_Records contained in a dataset_.

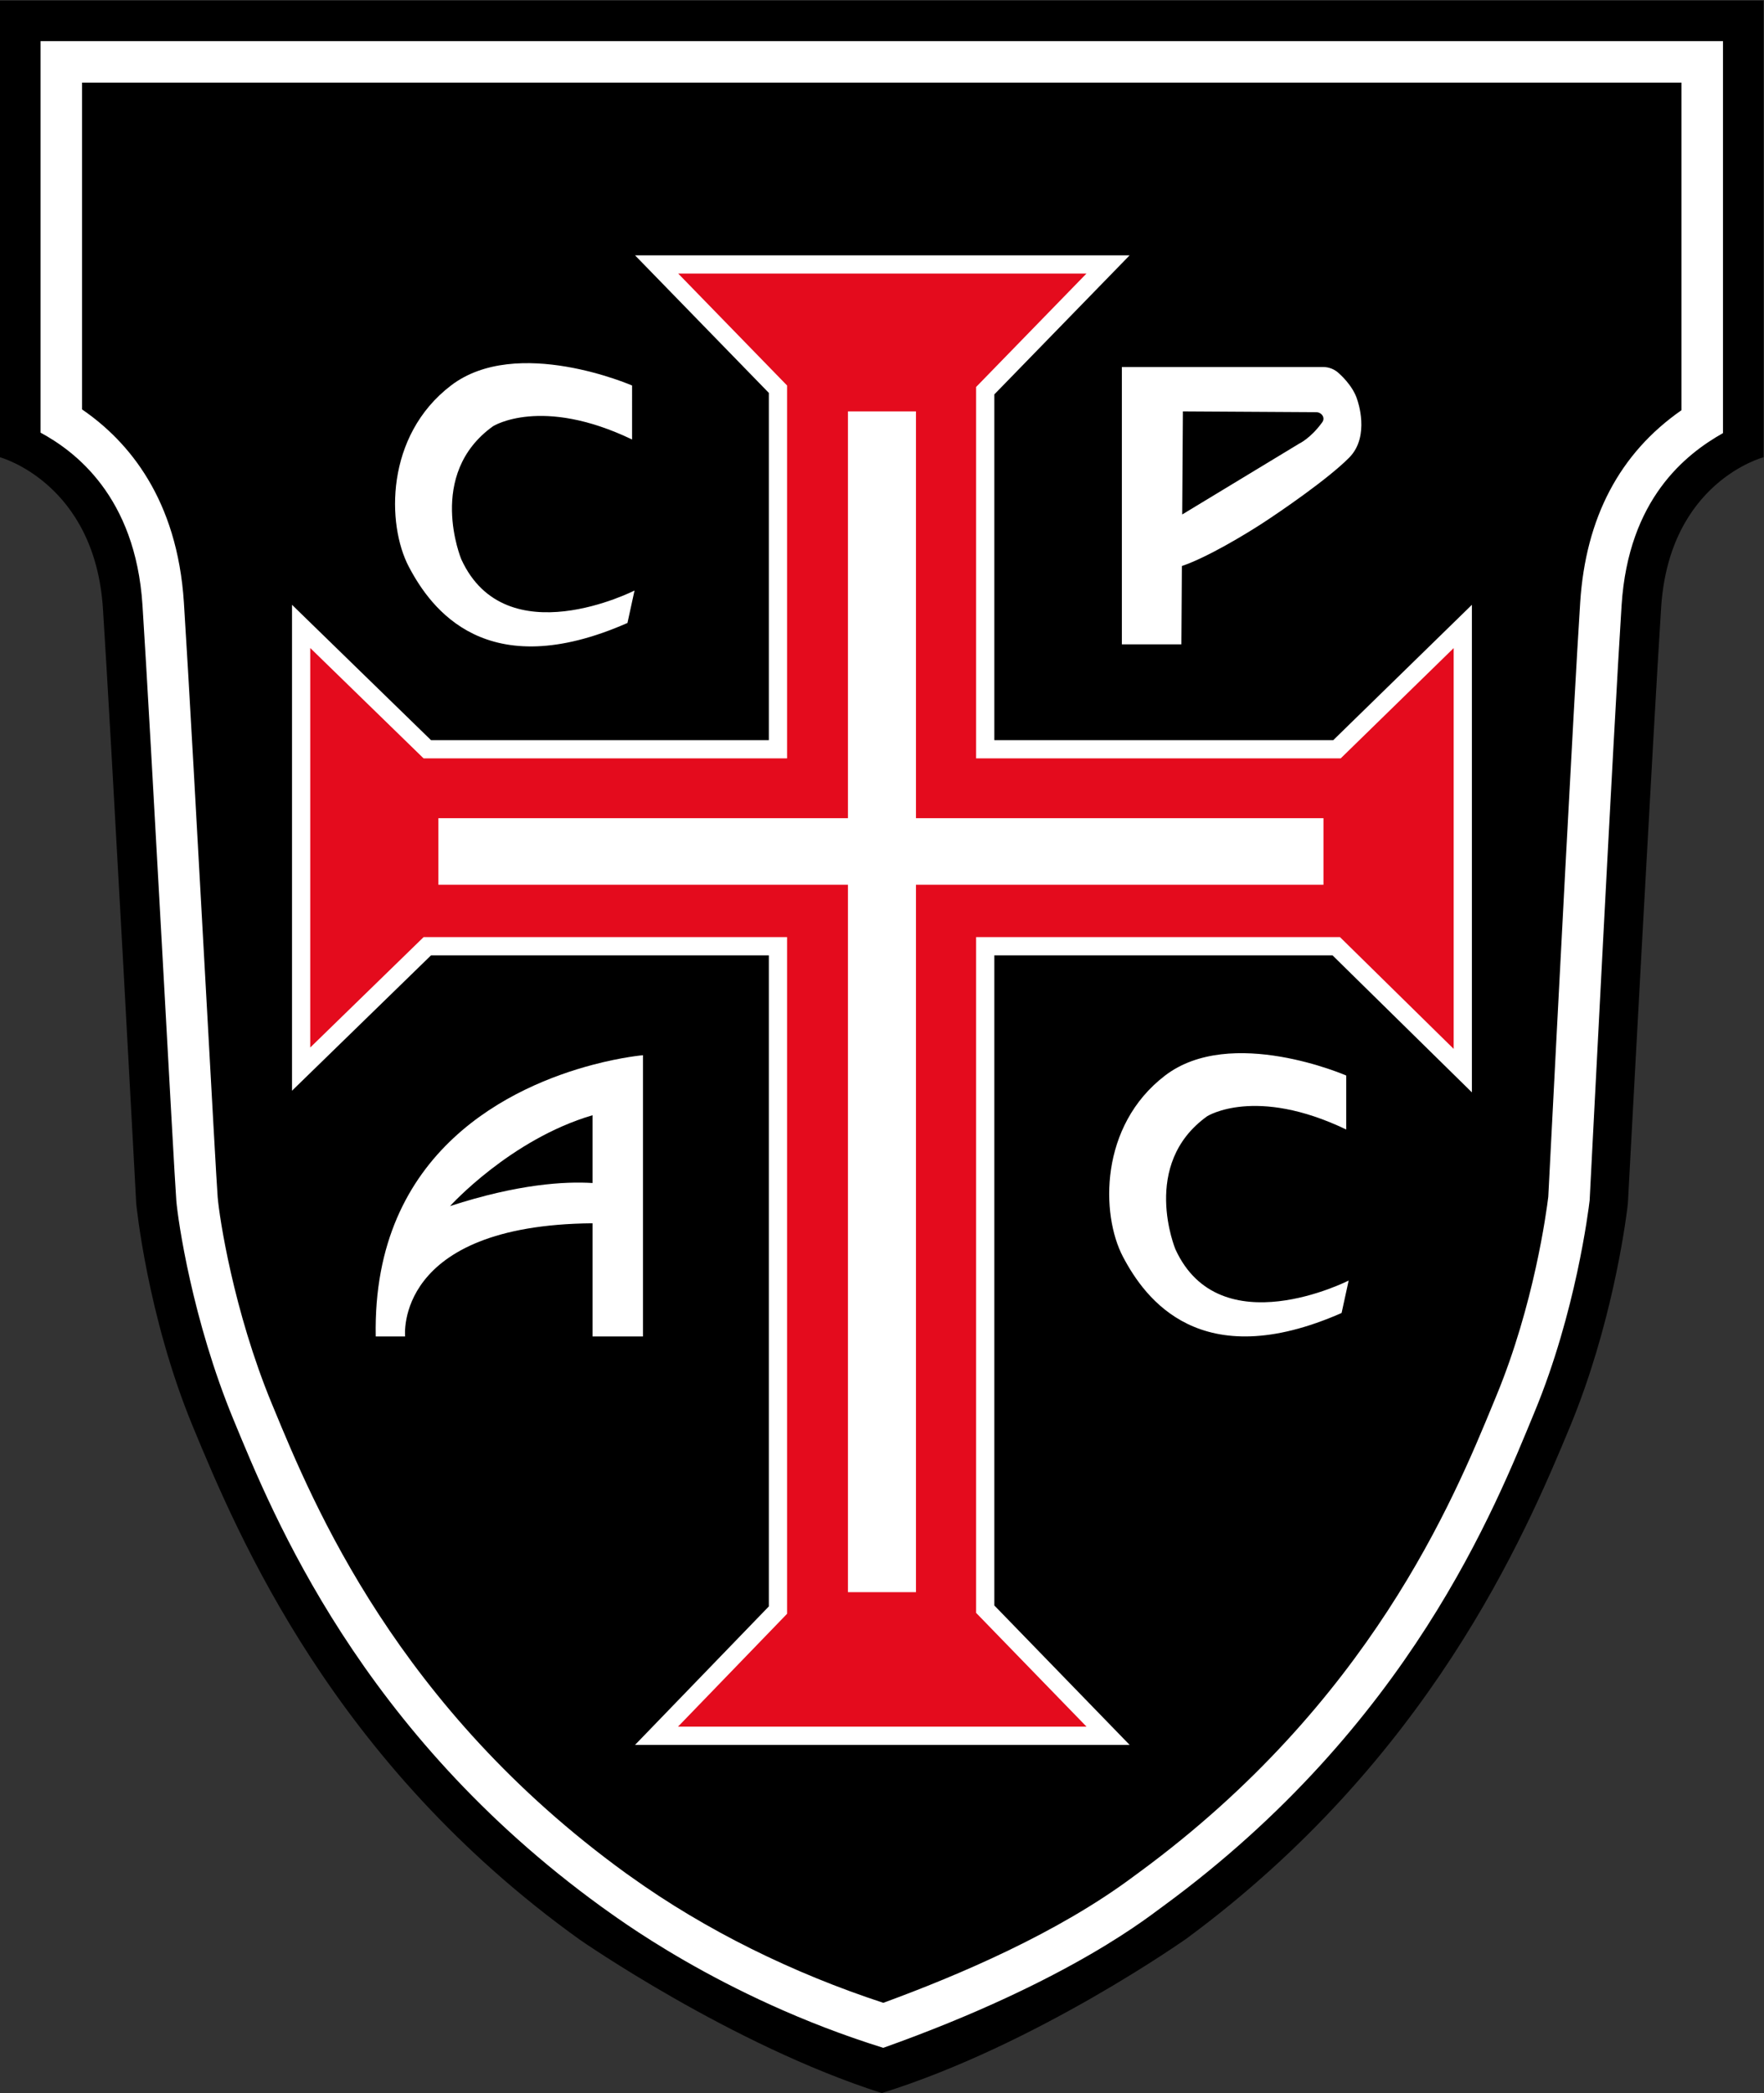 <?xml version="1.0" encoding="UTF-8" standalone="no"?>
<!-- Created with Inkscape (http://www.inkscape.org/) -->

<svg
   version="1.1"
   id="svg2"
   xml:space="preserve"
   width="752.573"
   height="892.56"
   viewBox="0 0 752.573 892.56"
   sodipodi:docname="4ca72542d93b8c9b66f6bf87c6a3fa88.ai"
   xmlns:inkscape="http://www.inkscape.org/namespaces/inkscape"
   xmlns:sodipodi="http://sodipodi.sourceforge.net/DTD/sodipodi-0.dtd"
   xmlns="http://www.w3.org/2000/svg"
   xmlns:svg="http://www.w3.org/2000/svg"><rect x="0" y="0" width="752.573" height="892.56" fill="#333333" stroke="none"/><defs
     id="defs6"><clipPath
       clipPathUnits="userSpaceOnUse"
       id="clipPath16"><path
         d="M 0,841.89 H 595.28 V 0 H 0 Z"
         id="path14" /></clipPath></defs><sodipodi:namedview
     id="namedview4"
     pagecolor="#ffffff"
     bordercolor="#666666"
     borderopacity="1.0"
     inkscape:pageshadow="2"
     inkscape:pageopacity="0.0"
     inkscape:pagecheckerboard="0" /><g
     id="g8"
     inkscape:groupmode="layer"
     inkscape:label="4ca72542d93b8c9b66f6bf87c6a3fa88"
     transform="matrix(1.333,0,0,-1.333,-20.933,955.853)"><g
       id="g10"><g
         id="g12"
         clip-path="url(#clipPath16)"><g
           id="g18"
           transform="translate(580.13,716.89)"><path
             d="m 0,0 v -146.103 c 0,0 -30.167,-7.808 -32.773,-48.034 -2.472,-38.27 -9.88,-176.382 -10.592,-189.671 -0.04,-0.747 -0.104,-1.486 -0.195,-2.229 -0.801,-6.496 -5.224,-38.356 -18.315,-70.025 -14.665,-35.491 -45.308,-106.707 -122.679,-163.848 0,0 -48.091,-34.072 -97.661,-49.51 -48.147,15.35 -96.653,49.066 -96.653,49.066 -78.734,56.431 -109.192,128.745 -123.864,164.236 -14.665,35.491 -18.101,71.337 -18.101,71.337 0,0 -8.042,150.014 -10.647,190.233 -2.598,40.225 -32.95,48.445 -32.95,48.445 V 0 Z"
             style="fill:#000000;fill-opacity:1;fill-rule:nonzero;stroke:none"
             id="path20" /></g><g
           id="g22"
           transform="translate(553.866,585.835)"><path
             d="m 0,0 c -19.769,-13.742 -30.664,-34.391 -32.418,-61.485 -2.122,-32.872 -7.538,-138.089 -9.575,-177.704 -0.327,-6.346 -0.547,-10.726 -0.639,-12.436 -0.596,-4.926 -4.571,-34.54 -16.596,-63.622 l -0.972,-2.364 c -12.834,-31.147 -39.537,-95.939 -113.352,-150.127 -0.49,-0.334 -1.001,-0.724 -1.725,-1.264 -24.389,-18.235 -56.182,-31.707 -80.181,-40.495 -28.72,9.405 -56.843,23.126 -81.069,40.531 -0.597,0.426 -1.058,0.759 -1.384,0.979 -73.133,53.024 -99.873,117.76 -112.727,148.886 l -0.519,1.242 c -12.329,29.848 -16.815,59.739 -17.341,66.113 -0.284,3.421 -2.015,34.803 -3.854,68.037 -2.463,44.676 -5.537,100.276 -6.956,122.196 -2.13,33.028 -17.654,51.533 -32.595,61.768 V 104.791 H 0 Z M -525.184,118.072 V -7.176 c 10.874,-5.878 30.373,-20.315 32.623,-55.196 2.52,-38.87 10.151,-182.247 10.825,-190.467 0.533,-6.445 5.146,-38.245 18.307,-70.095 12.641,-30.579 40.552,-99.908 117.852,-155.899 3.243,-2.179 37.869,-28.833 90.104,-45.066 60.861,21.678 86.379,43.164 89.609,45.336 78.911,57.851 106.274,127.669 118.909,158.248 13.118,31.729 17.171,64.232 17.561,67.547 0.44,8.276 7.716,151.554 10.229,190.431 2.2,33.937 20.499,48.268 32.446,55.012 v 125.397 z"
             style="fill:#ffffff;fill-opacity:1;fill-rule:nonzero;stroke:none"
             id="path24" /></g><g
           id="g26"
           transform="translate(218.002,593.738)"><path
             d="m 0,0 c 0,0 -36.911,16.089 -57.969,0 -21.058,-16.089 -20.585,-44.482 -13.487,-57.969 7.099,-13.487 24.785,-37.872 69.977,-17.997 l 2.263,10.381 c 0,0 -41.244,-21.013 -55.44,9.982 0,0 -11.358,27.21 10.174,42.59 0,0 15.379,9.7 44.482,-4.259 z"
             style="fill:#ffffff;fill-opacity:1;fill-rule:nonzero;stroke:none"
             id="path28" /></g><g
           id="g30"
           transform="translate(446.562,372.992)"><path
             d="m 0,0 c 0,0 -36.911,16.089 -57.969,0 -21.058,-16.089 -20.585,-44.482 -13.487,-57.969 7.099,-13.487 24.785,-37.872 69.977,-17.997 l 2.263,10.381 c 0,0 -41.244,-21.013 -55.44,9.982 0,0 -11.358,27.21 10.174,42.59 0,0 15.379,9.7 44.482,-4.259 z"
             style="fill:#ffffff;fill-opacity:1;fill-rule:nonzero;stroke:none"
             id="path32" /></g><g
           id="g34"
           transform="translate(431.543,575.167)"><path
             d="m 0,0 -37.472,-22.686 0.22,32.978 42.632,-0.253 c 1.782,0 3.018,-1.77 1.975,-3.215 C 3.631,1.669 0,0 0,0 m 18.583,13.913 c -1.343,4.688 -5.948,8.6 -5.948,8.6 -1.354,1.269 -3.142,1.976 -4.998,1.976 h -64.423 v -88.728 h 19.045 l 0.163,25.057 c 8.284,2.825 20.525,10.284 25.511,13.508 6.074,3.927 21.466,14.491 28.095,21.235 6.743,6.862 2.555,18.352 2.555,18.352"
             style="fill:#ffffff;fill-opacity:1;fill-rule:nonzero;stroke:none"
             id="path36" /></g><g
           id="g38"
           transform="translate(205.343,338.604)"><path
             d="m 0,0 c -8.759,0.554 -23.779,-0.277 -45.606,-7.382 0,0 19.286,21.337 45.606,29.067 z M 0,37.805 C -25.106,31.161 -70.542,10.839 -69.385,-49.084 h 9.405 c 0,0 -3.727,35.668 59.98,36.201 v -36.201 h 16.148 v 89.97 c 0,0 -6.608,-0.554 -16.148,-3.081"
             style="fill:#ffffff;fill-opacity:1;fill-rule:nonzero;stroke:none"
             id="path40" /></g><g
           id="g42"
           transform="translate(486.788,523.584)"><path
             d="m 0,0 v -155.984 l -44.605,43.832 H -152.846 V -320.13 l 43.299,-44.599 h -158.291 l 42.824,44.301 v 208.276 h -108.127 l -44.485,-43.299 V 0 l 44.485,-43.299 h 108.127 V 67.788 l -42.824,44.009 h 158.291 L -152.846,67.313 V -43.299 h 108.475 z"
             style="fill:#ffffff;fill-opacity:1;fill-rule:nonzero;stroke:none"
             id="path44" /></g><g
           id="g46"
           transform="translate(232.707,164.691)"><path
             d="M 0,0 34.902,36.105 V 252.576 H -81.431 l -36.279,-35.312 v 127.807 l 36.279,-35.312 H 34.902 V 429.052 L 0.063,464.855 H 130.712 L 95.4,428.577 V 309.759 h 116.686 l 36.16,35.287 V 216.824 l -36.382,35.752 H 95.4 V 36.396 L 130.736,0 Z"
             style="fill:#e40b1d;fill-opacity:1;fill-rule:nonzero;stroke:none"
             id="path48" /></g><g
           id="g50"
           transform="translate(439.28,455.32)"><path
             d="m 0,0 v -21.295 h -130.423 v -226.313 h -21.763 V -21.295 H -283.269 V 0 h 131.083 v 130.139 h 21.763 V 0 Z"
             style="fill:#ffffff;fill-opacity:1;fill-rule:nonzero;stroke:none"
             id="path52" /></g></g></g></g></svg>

_Aim of the exercise_. Copy exactly, and only, the lines from the first entry through the line holding "0,841.89 H 595.28", both ends included, leaving out every picture.

_Answer section_.
 <?xml version="1.0" encoding="UTF-8" standalone="no"?>
<!-- Created with Inkscape (http://www.inkscape.org/) -->

<svg
   version="1.1"
   id="svg2"
   xml:space="preserve"
   width="752.573"
   height="892.56"
   viewBox="0 0 752.573 892.56"
   sodipodi:docname="4ca72542d93b8c9b66f6bf87c6a3fa88.ai"
   xmlns:inkscape="http://www.inkscape.org/namespaces/inkscape"
   xmlns:sodipodi="http://sodipodi.sourceforge.net/DTD/sodipodi-0.dtd"
   xmlns="http://www.w3.org/2000/svg"
   xmlns:svg="http://www.w3.org/2000/svg"><rect x="0" y="0" width="752.573" height="892.56" fill="#333333" stroke="none"/><defs
     id="defs6"><clipPath
       clipPathUnits="userSpaceOnUse"
       id="clipPath16"><path
         d="M 0,841.89 H 595.28 V 0 H 0 Z"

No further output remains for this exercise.